▸ **Problem to solve**
Every line in the data below that has the word "right" should be returned.

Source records
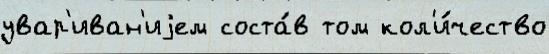
увар'иван'иjем соста́в том кол'и́чество
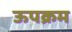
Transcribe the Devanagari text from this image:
ऊपक्रम
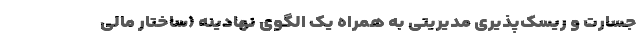
جسارت و ریسک‌پذیری مدیریتی به همراه یک الگوی نهادینه (ساختار مالی
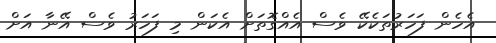
އެހެން ފަހަރުތަކެކޭ ވެސް އެއްގޮޮތަށް އެކަން މި ފަހަރު ވެސް އޭނާ އަށް
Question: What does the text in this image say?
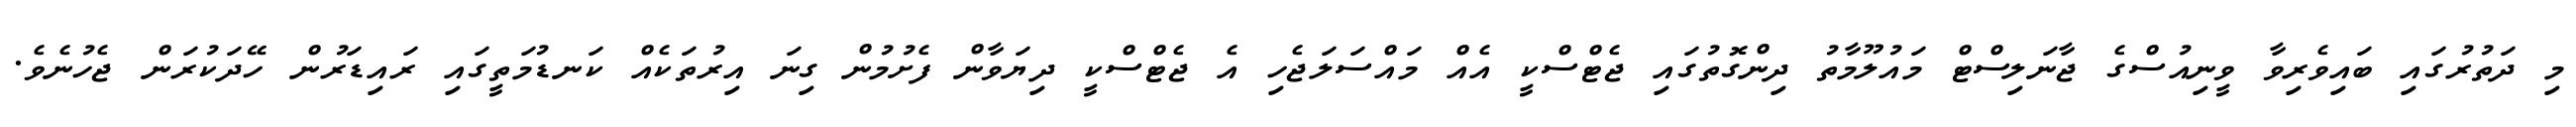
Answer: މި ދަތުރުގައި ބައިވެރިވާ ވީނިއުސްގެ ޖާނަލިސްޓް މައުލޫމާތު ދިންގޮތުގައި ޖެޓްސްކީ އެއް މައްސަލަޖެހި އެ ޖެޓްސްކީ ދިޔަވާން ފެށުމުން ގިނަ އިރުތަކެއް ކަނޑުމަތީގައި ރައިޑަރުން ހޭދަކުރަން ޖެހުނެވެ.
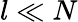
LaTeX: l\ll N
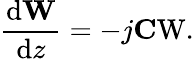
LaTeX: \frac{\mathrm{d}\mathrm{\mathbf W}}{\mathrm{d}z}=-j\mathrm{\mathbf CW.}
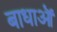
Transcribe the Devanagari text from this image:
बाधाऒं
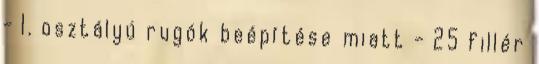
- I. osztályú rugók beépítése miatt - 25 fillér
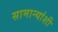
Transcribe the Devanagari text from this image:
सामान्यांशी
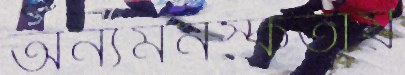
অন্যমনস্কতায়
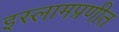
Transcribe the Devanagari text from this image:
इस्लामप्रणीत
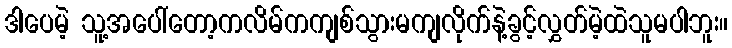
ဒါပေမဲ့ သူ့အပေါ်တော့ကလိမ်ကကျစ်သွားမကျလိုက်နဲ့ခွင့်လွှတ်မဲ့ထဲသူမပါဘူး။
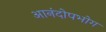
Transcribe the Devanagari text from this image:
आनंदोपभोग
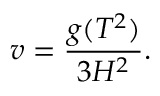
v = \frac { g ( T ^ { 2 } ) } { 3 H ^ { 2 } } .
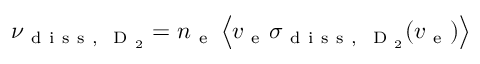
\nu _ { \mathrm { ~ d ~ i ~ s ~ s ~ , ~ } \mathrm { ~ D ~ } _ { 2 } } = n _ { \mathrm { ~ e ~ } } \left\langle v _ { \mathrm { ~ e ~ } } \sigma _ { \mathrm { ~ d ~ i ~ s ~ s ~ , ~ } \mathrm { ~ D ~ } _ { 2 } } ( v _ { \mathrm { ~ e ~ } } ) \right\rangle
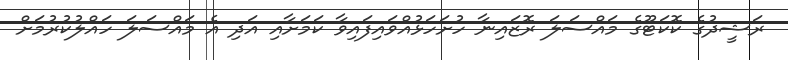
ރަޝީދުގެ ކޮކަޓޫގެ މައްސަލަ ރޮޒައިނާ ހުށަހަޅުއްވައިފައިވާ ކަމަށާއި އަދި އެ މައްސަލަ ހައްލުކުރުމަށް
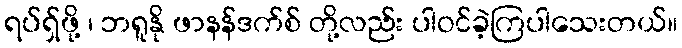
ရပ်ရှ်ဖို့ ၊ ဘရူနို ဖာနန်ဒက်စ် တို့လည်း ပါဝင်ခဲ့ကြပါသေးတယ်။
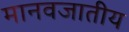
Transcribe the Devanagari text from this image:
मानवजातीय
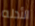
الأدله
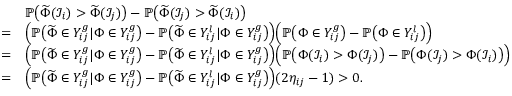
\begin{array} { r l } & { \mathbb { P } \big ( \widetilde { \Phi } ( \mathcal { I } _ { i } ) > \widetilde { \Phi } ( \mathcal { I } _ { j } ) \big ) - \mathbb { P } \big ( \widetilde { \Phi } ( \mathcal { I } _ { j } ) > \widetilde { \Phi } ( \mathcal { I } _ { i } ) \big ) } \\ { = } & { \Big ( \mathbb { P } \big ( \widetilde { \Phi } \in Y _ { i j } ^ { g } | \Phi \in Y _ { i j } ^ { g } \big ) - \mathbb { P } \big ( \widetilde { \Phi } \in Y _ { i j } ^ { l } | \Phi \in Y _ { i j } ^ { g } \big ) \Big ) \Big ( \mathbb { P } \big ( \Phi \in Y _ { i j } ^ { g } \big ) - \mathbb { P } \big ( \Phi \in Y _ { i j } ^ { l } \big ) \Big ) } \\ { = } & { \Big ( \mathbb { P } \big ( \widetilde { \Phi } \in Y _ { i j } ^ { g } | \Phi \in Y _ { i j } ^ { g } \big ) - \mathbb { P } \big ( \widetilde { \Phi } \in Y _ { i j } ^ { l } | \Phi \in Y _ { i j } ^ { g } \big ) \Big ) \Big ( \mathbb { P } \big ( \Phi ( \mathcal { I } _ { i } ) > \Phi ( \mathcal { I } _ { j } ) \big ) - \mathbb { P } \big ( \Phi ( \mathcal { I } _ { j } ) > \Phi ( \mathcal { I } _ { i } ) \big ) \Big ) } \\ { = } & { \Big ( \mathbb { P } \big ( \widetilde { \Phi } \in Y _ { i j } ^ { g } | \Phi \in Y _ { i j } ^ { g } \big ) - \mathbb { P } \big ( \widetilde { \Phi } \in Y _ { i j } ^ { l } | \Phi \in Y _ { i j } ^ { g } \big ) \Big ) ( 2 \eta _ { i j } - 1 ) > 0 . } \end{array}
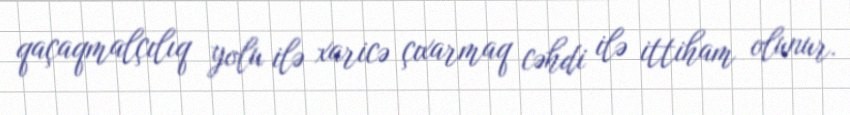
qaçaqmalçılıq yolu ilə xaricə çıxarmaq cəhdi ilə ittiham olunur.
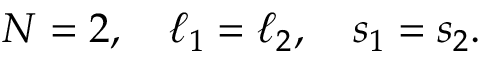
\begin{array} { r } { N = 2 , \quad \ell _ { 1 } = \ell _ { 2 } , \quad s _ { 1 } = s _ { 2 } . } \end{array}
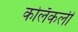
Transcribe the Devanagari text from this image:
कोलॅकली
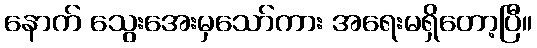
နောက် သွေးအေးမှသော်ကား အရေးမရှိတော့ပြီ။
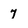
Character: 7
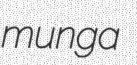
munga
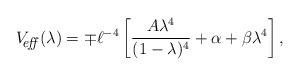
LaTeX: \begin{align*}V_{\hbox{\footnotesize\it \hspace{-6pt} eff\,}}(\lambda) = \mp \ell^{-4}\left[{A\lambda^4 \over (1-\lambda)^4} +\alpha+\beta\lambda^4\right],\end{align*}
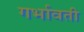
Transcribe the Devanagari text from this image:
गर्भावती
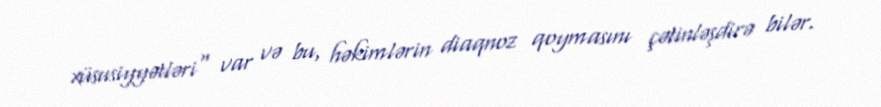
xüsusiyyətləri" var və bu, həkimlərin diaqnoz qoymasını çətinləşdirə bilər.
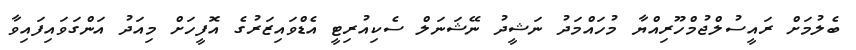
ބެލުމަށް ރައީސުލްޖުމްހޫރިއްޔާ މުހައްމަދު ނަޝީދު ނޭޝަނަލް ސެކިއުރިޓީ އެޑްވައިޒަރުގެ އޮފީހަށް މިއަދު އަންގަވައިފައިވާ
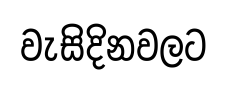
වැසිදිනවලට
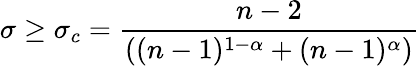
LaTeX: \sigma\geq\sigma_{c}=\frac{n-2}{((n-1)^{1-\alpha}+(n-1)^{\alpha})}
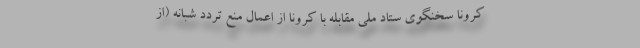
کرونا سخنگوی ستاد ملی مقابله با کرونا از اعمال منع تردد شبانه (از
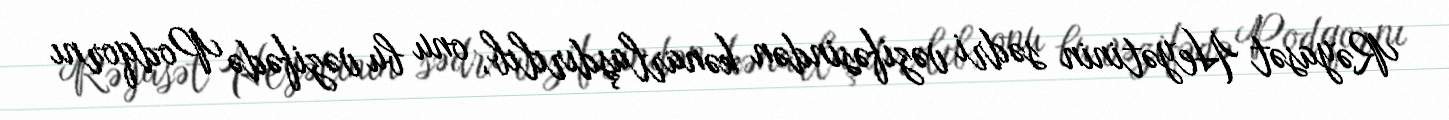
Rəyasət Heyətinin sədri vəzifəsindən kənarlaşdırılıb, onu bu vəzifədə Podqornı
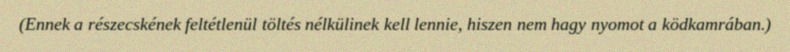
(Ennek a részecskének feltétlenül töltés nélkülinek kell lennie, hiszen nem hagy nyomot a ködkamrában.)

▸ **Solution for this task**
\nu _ { \mathrm { ~ d ~ i ~ s ~ s ~ , ~ } \mathrm { ~ D ~ } _ { 2 } } = n _ { \mathrm { ~ e ~ } } \left\langle v _ { \mathrm { ~ e ~ } } \sigma _ { \mathrm { ~ d ~ i ~ s ~ s ~ , ~ } \mathrm { ~ D ~ } _ { 2 } } ( v _ { \mathrm { ~ e ~ } } ) \right\rangle
LaTeX: \begin{align*}V_{\hbox{\footnotesize\it \hspace{-6pt} eff\,}}(\lambda) = \mp \ell^{-4}\left[{A\lambda^4 \over (1-\lambda)^4} +\alpha+\beta\lambda^4\right],\end{align*}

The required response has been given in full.